Advertorial
Intisari-Online.com - Sempat dijuluki negara teraman di dunia dari virus corona, kini Israel harus menghadapi lonjakan kasus Covid-19.
Situasi tersebut pun membuat warga Israel kecewa dan memprotes pemerintah atas penanganan pandemi Covid-19 yang dianggap buruk.
Perdana Menteri Israel, Benjamin Neyanyahu menjadi sasaran warga, sebagai orang yang bertanggungjawab atas penanganan tersebut.
Selain itu, warga pun melakukan protes terhadap Perdana Menteri Benyamin Netanyahu atas dugaan korupsi.
Di tengah protes warga Israel yang tak surut tersebut, Parlemen Israel justru mengeluarkan undang-undang kontroversial.

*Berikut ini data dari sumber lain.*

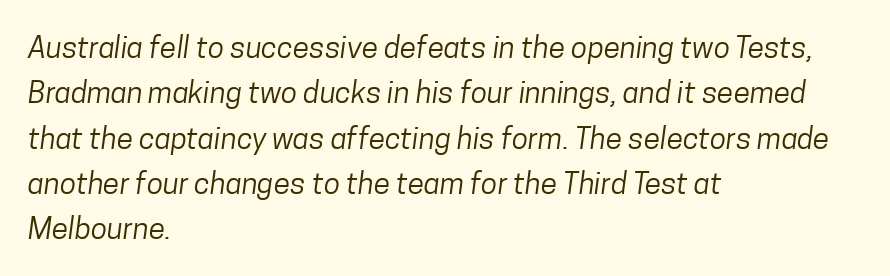
{"serif": "no", "bold": "no", "weight": "regular", "width": "condensed", "stroke_contrast": "low", "x_height": "medium", "monospaced": "no", "underline": "no", "align": "left", "line_spacing": "normal", "line_spacing_ratio": 1.51, "letter_spacing": "normal", "letter_spacing_em": 0.0, "glyph_px": 30}

Melansir Aljazeera.com (30/9/2020), Parlemen Israel telah menyetujui undang-undang yang membatasi demonstrasi.
Undang-undang itu menurut para kritikus bertujuan untuk membungkam protes terhadap Perdana MenteriBenjamin Netanyahu atas dugaan korupsi dan penanganannya terhadap krisis virus corona.
Undang-undang tersebut, yang memberi pemerintah kewenangan untuk menyatakan "keadaan darurat khusus yang disebabkan oleh pandemi virus korona", diratifikasi pada Rabu pagi setelah debat sepanjang malam di Knesset.
Undang-undang baru tersebut melarang orang Israel mengadakan demonstrasi lebih dari satu km (0,6 mil) dari rumah mereka.
Tindakan tersebut menurut pemerintah ditujukan untuk mencegah infeksi COVID-19.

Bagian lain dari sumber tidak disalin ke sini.